As an industry, we tend to think of server uptime as a good thing. But is it? Not for any single server, because if it’s been up for a thousand days, it also hasn’t been rebooted for patches in over three years. You may remember early 2017 when Amazon S3 went down? That was also due to a restart on a system that no one had rebooted in ages.

So how can feature flags help keep production servers current?

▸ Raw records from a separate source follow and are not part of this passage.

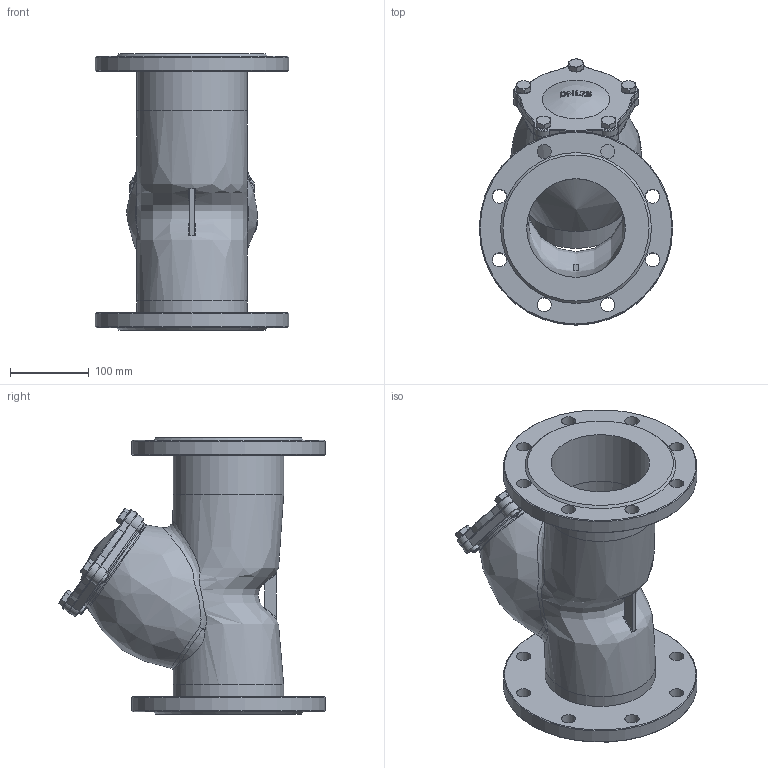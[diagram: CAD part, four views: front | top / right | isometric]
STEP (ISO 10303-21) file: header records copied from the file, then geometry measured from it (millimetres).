
FILE_DESCRIPTION(/* description */ (''),/* implementation_level */ '2;1');
FILE_NAME(/* name */ 'DN125_3D_STEP.stp',/* time_stamp */ '2023-12-14T19:05:50+03:00',/* author */ ('igorr'),/* organization */ (''),/* preprocessor_version */ 'ST-DEVELOPER v19.2',/* originating_system */ 'Autodesk Inventor 2023',/* authorisation */ '');
FILE_SCHEMA (('AUTOMOTIVE_DESIGN { 1 0 10303 214 3 1 1 }'));
Length unit declared in the file: millimetre
Products named in the file (4): Сборка; Деталь1; Деталь2; AS 1110 - M12 x 25
Assembly tree (7 placements, depth 2):
  Сборка
    Деталь1
    Деталь2
    AS 1110 - M12 x 25  x5
Bounding box: 245 x 337.24 x 350 mm (x, y, z)
Volume: 5387716.1 mm3; surface area: 558129.7 mm2
Topology: 7 solids, 7 shells, 420 faces, 1052 edges, 671 vertices
Faces by surface type: plane 209, bspline 84, cylinder 62, cone 61, torus 4
Full cylindrical faces by diameter (mm): 8 x10, 12 x5, 18 x21, 125 x2, 130 x1, 140 x2, 245 x2
Entity records: 14741 total; most frequent: CARTESIAN_POINT 7103, ORIENTED_EDGE 1694, DIRECTION 1114, EDGE_CURVE 847, VERTEX_POINT 551, AXIS2_PLACEMENT_3D 414, EDGE_LOOP 402, B_SPLINE_CURVE_WITH_KNOTS 383

  • It’s safer to make a change in production if you know you can revert it instantly using a feature flag kill switch.
  • Small, iterative development means that you can ship changes more quickly with less risk—the more often you reboot a server, the less important that particular server’s uptime is.
  • Many infrastructures today are built with the concept of ‘infrastructure as code’ through the use of automation tooling. These automation configurations can also benefit from the use of feature flags to roll-out system or component versions alongside your application updates.

Second we have:

Pwnie for Best Cryptographic Attack (new for 2016!)
Awarded to the researchers who discovered the most impactful cryptographic attack against real-world systems, protocols, or algorithms. This isn’t some academic conference where we care about theoretical minutiae in obscure algorithms, this category requires actual pwnage.

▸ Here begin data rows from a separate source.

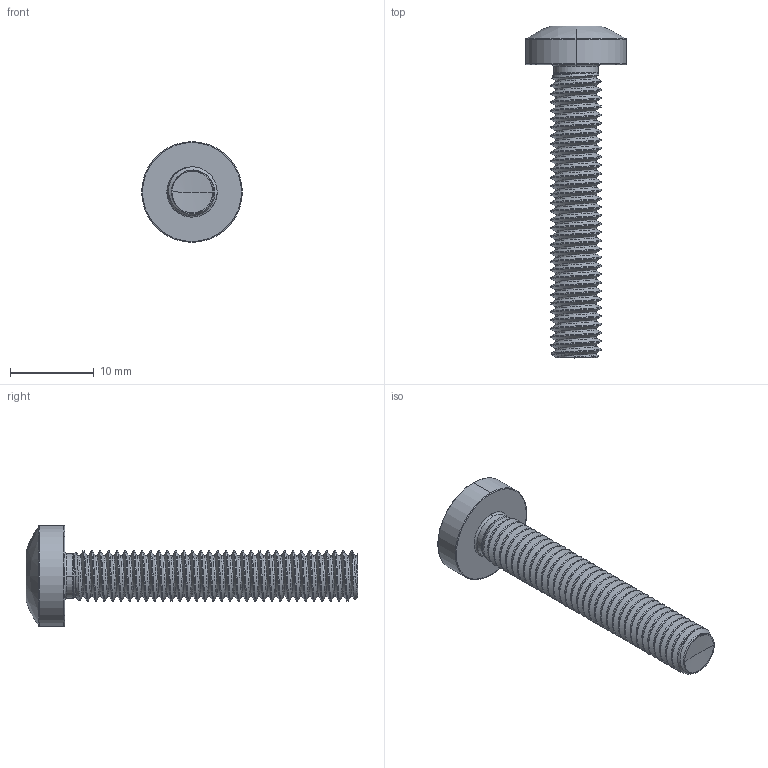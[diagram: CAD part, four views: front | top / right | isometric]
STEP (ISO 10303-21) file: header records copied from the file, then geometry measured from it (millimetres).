
FILE_DESCRIPTION (( 'STEP AP203' ), '1' );
FILE_NAME ('STM390600350.STEP', '2020-12-23T17:54:39', ( '' ), ( '' ), 'SwSTEP 2.0', 'SolidWorks 2015', '' );
FILE_SCHEMA (( 'CONFIG_CONTROL_DESIGN' ));
Length unit declared in the file: millimetre
Products named in the file (2): STM390600350
Bounding box: 12 x 39.6 x 12 mm (x, y, z)
Volume: 1196.1 mm3; surface area: 1369.8 mm2
Topology: 1 solids, 1 shells, 140 faces, 378 edges, 240 vertices
Faces by surface type: cylinder 89, bspline 18, torus 13, cone 13, sphere 4, plane 3
Entity records: 36168 total; most frequent: CARTESIAN_POINT 33128, ORIENTED_EDGE 744, DIRECTION 468, EDGE_CURVE 372, VERTEX_POINT 238, AXIS2_PLACEMENT_3D 185, EDGE_LOOP 140, FACE_OUTER_BOUND 138

The first collision for full SHA-1
Credit: Marc Stevens, Elie Bursztein, Pierre Karpman, Ange Albertini, Yarik Markov

The SHAttered attack team generated the first known collision for full SHA-1. The team produced two PDF documents that were different that produced the same SHA-1 hash. The techniques used to do this led to an a 100k speed increase over the brute force attack that relies on the birthday paradox, making this attack practical by a reasonably (Valasek-rich?) well funded adversary. A practical collision like this, moves folks still relying on a deprecated protocol to action.

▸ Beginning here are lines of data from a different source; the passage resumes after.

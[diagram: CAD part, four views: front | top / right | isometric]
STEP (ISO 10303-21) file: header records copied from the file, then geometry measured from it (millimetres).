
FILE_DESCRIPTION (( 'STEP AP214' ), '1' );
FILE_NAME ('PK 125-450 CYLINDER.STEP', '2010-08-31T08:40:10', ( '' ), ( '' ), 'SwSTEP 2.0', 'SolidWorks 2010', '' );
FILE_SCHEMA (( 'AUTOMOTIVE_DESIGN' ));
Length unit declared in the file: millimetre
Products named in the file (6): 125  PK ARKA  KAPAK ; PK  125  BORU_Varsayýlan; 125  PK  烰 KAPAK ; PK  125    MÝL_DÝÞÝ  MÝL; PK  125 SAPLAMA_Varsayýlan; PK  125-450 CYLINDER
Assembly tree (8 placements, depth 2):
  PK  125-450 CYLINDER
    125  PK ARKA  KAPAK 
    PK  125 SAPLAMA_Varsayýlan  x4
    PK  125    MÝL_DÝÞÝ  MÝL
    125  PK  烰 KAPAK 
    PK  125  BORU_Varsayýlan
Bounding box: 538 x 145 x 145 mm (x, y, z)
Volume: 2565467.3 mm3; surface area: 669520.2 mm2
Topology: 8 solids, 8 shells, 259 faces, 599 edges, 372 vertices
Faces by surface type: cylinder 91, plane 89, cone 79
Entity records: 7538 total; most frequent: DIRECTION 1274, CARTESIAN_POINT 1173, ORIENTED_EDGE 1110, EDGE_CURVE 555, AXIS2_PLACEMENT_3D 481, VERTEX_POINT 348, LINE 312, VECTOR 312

SHA-1 was a cryptographic standard for years, and you can still select it as the encryption for a lot of software. This exploit makes it clear that we need to stop letting anyone use it—and for their own good.

How a feature flag might have made this better:

  • Turn off the ability to select SHA-1 as an encryption option
  • Force current SHA-1 users to choose a new encryption option

Some feature flags are intended to be short-term and will be removed from the code once the feature is fully incorporated. Others exist longer-term, as a way to segment off possible dangerous sections of code that may need to be removed in a hurry. Feature flags could be combined with detection, like I suggested for the SHA-1 problem, and used to drive updates and vulnerability analysis.

It’s easy for us to think of deployment as something a long way from security exploits that involve physical access to computers and networks, but security exploits are “moving left” at the same time as all the rest of our technology. Fewer of us manage physical servers, and fewer security vulnerabilities relate to inserting unknown USB sticks into our laptops. Instead, we’re moving to virtual machines and containers, and so are our vulnerabilities. Constructing code, cookbooks, and scripts that allow us to change the path of execution after deployment gives us more options for stay far, far away from the bright light of the Pwnie Awards.